Never mind now about Lagrange and Ricci; who was this Hamilton? Born, lived, and worked (1805-1865) in "nonscientific Dublin, of all places"! . . .
JOHN L. SYNGE Carnegie Institute of Technology Pittsburgh
P: Let Dublin-born Higher Mathematician Synge call to mind his city's great ghosts (among them, his uncle's--author of The Playboy of the Western World), and admit that Dublin is a writer's town.--ED.
In Praise of Gambling
Sirs:
Quoting from the opinions of an allegedly "reformed" bettor [TIME, Feb. 3], you gave credence to several wild opinions, plus one statement, that indicate that your "authority," Mr. Packer, is quite an abnormal fellow. . . . Mr. Packer is quoted: "The anxiety which follows a losing run, the empty feeling in the stomach ... in time come to be appreciated in a masochistic fashion. . . ."
You reiterated the age-old cry, "Since most bettors lose, why do they keep at it?" Is it really necessary to bring in such abnormalities as masochism to explain that? The struggle to win, with its failures and successes, its climaxes and debacles, its endless variety of patterns, provides one of the most fascinating and exciting forms of amusement known to man. . . .
CHARLES M. LARSON Hawthorne, Calif.
Mature Individuals, Eh?
Sirs:
. . . Far from deploring that "handwriting was becoming a lost art" [TIME, Feb. 10], many outstanding present-day psychologists and psychiatrists feel that the script portrays accurately the writer's character traits, being conditioned by the complexities of his personality.
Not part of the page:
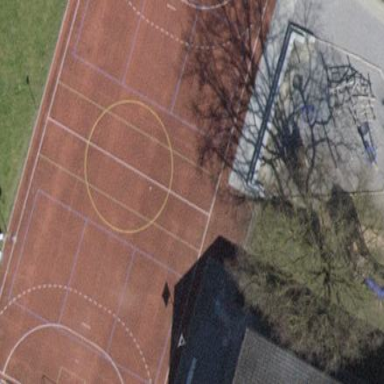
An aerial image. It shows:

As a result of many investigations within the last two decades, a whole technique has been built around this phenomenon in the form of scientific handwriting analysis, which is considered among the most exact projective methods in order to determine character structure. . . .
Even if the signatures of Harry Truman, George Marshall, Louis Bromfield, Fiorello LaGuardia, Ginger Rogers are not "beautifully" penned, they at least have in common mental maturity, individualism, the desire and the capacity for absorbing new ideas, more-than-average flexibility. Thus their scripts differ from those of our contemporaries who may write a "copper plate" hand which contains the same elements as the writing they were taught at school 20 years and more ago. This subconscious clinging to the penmanship carefully learned in school so long ago is often an indication of lack of originality, inflexibility, lack of self-confidence--in short, a standstill in mental development.
HERRY O. TELTSCHER
New York City
Egyptian Divorces
Sirs:
You published a statement [TIME, Jan. 6] to the effect that divorces in Egypt were nearly half as frequent as marriages. From the enclosed official statistics (1941-45 marriage rate, 30.5 per thousand; divorce rate, 8.6 per thousand), you will find that divorces in Egypt are [slightly more than] a quarter as frequent as marriages. I shall appreciate it indeed if you would be so kind as to correct the aforementioned statement.
H. ROUCHDY Royal Egyptian Embassy Washington, D.C.